** Opening Data to process block **
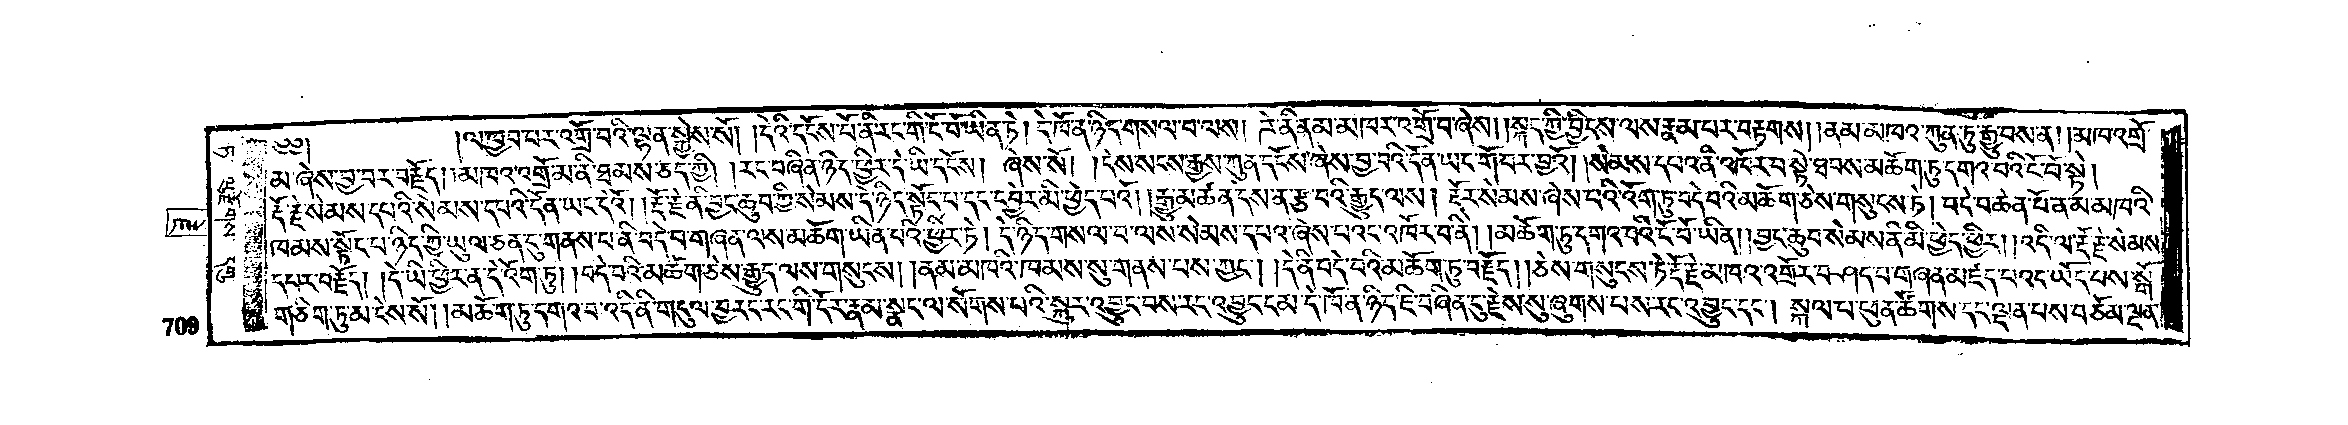༄༅། །ལ་ཁྱབ་པར་འགྲོ་བའི་ལྷན་སྐྱེས་སོ། །དེའི་དངོས་པོ་ནི་རང་གི་ངོ་བོ་ཡིན་ཏེ། དེ་ཁོ་ན་ཉིད་གསལ་བ་ལས། ཌེ་ནི་ནམ་མཁར་འགྲོ་བ་ཞེས། །སྐད་ཀྱི་བྱིངས་ལས་རྣམ་པར་བརྟགས། །ནམ་མཁའ་ཀུན་ཏུ་རྒྱུ་བས་ན། །མཁའ་འགྲོ་
མ་ཞེས་བྱ་བར་བརྗོད། །མཁའ་འགྲོ་མ་ནི་ཐམས་ཅད་ཀྱི། །རང་བཞིན་ཉིད་ཕྱིར་དེ་ཡི་དངོས། ཞེས་སོ། །དེས་སངས་རྒྱས་ཀུན་དངོས་ཞེས་བྱ་བའི་དོན་ཡང་གོ་བར་བྱའོ། །སེམས་དཔའ་ནི་འཁོར་བ་སྟེ་ཐབས་མཆོག་ཏུ་དགའ་བའི་ངོ་བོ་སྟེ།
རྡོ་རྗེ་སེམས་དཔའི་སེམས་དཔའི་དོན་ཡང་དེའོ། །རྡོ་རྗེ་ནི་བྱང་ཆུབ་ཀྱི་སེམས་དེ་ཉིད་སྟོང་པ་དང་དབྱེར་མི་ཕྱེད་པའོ། །རྒྱུ་མཚན་དེས་ན་རྩ་བའི་རྒྱུད་ལས། རྡོར་སེམས་ཞེས་པའི་འོག་ཏུ་བདེ་བའི་མཆོག་ཅེས་གསུངས་ཏེ། བདེ་བ་ཆེན་པོ་ནམ་མཁའི་
ཁམས་སྟོང་པ་ཉིད་ཀྱི་ཡུལ་ཅན་དུ་གནས་པ་ནི་བདེ་བ་གཞན་ལས་མཆོག་ཡིན་པའི་ཕྱིར་ཏེ། དེ་ཉིད་གསལ་བ་ལས་སེམས་དཔའ་ཞེས་པའང་འཁོར་བ་ནི། །མཆོག་ཏུ་དགའ་བའི་ངོ་བོ་ཡིན། །བྱང་ཆུབ་སེམས་ནི་མི་ཕྱེད་ཕྱིར། །འདི་ལ་རྡོ་རྗེ་སེམས་
དཔར་བརྗོད། །དེ་ཡི་ཕྱིར་ན་དེ་འོག་ཏུ། །བདེ་བའི་མཆོག་ཅེས་རྒྱུད་ལས་གསུངས། །ནམ་མཁའི་ཁམས་སུ་གནས་པས་ཀྱང་། །དེ་ནི་བདེ་བའི་མཆོག་ཏུ་བརྗོད། །ཅེས་གསུངས་ཏེ་རྡོ་རྗེ་མཁའ་འགྲོར་བཤད་པ་གཞན་མཛད་པའང་ཡོད་པས་སྒོ་
གཅིག་ཏུ་མ་ངེས་སོ། །མཆོག་ཏུ་དགའ་བ་འདི་ནི་གདུལ་བྱ་རང་རང་གི་དོར་རྣམ་སྣང་ལ་སོགས་པའི་སྐུར་འབྱུང་བས་རང་འབྱུང་ངམ་དེ་ཁོ་ན་ཉིད་ཇི་བཞིན་དུ་རྗེས་སུ་ཞུགས་པས་རང་འབྱུང་དང་། སྐལ་པ་ཕུན་ཚོགས་དང་ལྡན་པས་བཅོམ་ལྡན་
** Closing Data to process block **
▶ **Exercise goal**
Could you retype all the entries exactly, skipping the pictures?

▶ **Task answer**
༄༅། །ལ་ཁྱབ་པར་འགྲོ་བའི་ལྷན་སྐྱེས་སོ། །དེའི་དངོས་པོ་ནི་རང་གི་ངོ་བོ་ཡིན་ཏེ། དེ་ཁོ་ན་ཉིད་གསལ་བ་ལས། ཌེ་ནི་ནམ་མཁར་འགྲོ་བ་ཞེས། །སྐད་ཀྱི་བྱིངས་ལས་རྣམ་པར་བརྟགས། །ནམ་མཁའ་ཀུན་ཏུ་རྒྱུ་བས་ན། །མཁའ་འགྲོ་
མ་ཞེས་བྱ་བར་བརྗོད། །མཁའ་འགྲོ་མ་ནི་ཐམས་ཅད་ཀྱི། །རང་བཞིན་ཉིད་ཕྱིར་དེ་ཡི་དངོས། ཞེས་སོ། །དེས་སངས་རྒྱས་ཀུན་དངོས་ཞེས་བྱ་བའི་དོན་ཡང་གོ་བར་བྱའོ། །སེམས་དཔའ་ནི་འཁོར་བ་སྟེ་ཐབས་མཆོག་ཏུ་དགའ་བའི་ངོ་བོ་སྟེ།
རྡོ་རྗེ་སེམས་དཔའི་སེམས་དཔའི་དོན་ཡང་དེའོ། །རྡོ་རྗེ་ནི་བྱང་ཆུབ་ཀྱི་སེམས་དེ་ཉིད་སྟོང་པ་དང་དབྱེར་མི་ཕྱེད་པའོ། །རྒྱུ་མཚན་དེས་ན་རྩ་བའི་རྒྱུད་ལས། རྡོར་སེམས་ཞེས་པའི་འོག་ཏུ་བདེ་བའི་མཆོག་ཅེས་གསུངས་ཏེ། བདེ་བ་ཆེན་པོ་ནམ་མཁའི་
ཁམས་སྟོང་པ་ཉིད་ཀྱི་ཡུལ་ཅན་དུ་གནས་པ་ནི་བདེ་བ་གཞན་ལས་མཆོག་ཡིན་པའི་ཕྱིར་ཏེ། དེ་ཉིད་གསལ་བ་ལས་སེམས་དཔའ་ཞེས་པའང་འཁོར་བ་ནི། །མཆོག་ཏུ་དགའ་བའི་ངོ་བོ་ཡིན། །བྱང་ཆུབ་སེམས་ནི་མི་ཕྱེད་ཕྱིར། །འདི་ལ་རྡོ་རྗེ་སེམས་
དཔར་བརྗོད། །དེ་ཡི་ཕྱིར་ན་དེ་འོག་ཏུ། །བདེ་བའི་མཆོག་ཅེས་རྒྱུད་ལས་གསུངས། །ནམ་མཁའི་ཁམས་སུ་གནས་པས་ཀྱང་། །དེ་ནི་བདེ་བའི་མཆོག་ཏུ་བརྗོད། །ཅེས་གསུངས་ཏེ་རྡོ་རྗེ་མཁའ་འགྲོར་བཤད་པ་གཞན་མཛད་པའང་ཡོད་པས་སྒོ་
གཅིག་ཏུ་མ་ངེས་སོ། །མཆོག་ཏུ་དགའ་བ་འདི་ནི་གདུལ་བྱ་རང་རང་གི་དོར་རྣམ་སྣང་ལ་སོགས་པའི་སྐུར་འབྱུང་བས་རང་འབྱུང་ངམ་དེ་ཁོ་ན་ཉིད་ཇི་བཞིན་དུ་རྗེས་སུ་ཞུགས་པས་རང་འབྱུང་དང་། སྐལ་པ་ཕུན་ཚོགས་དང་ལྡན་པས་བཅོམ་ལྡན་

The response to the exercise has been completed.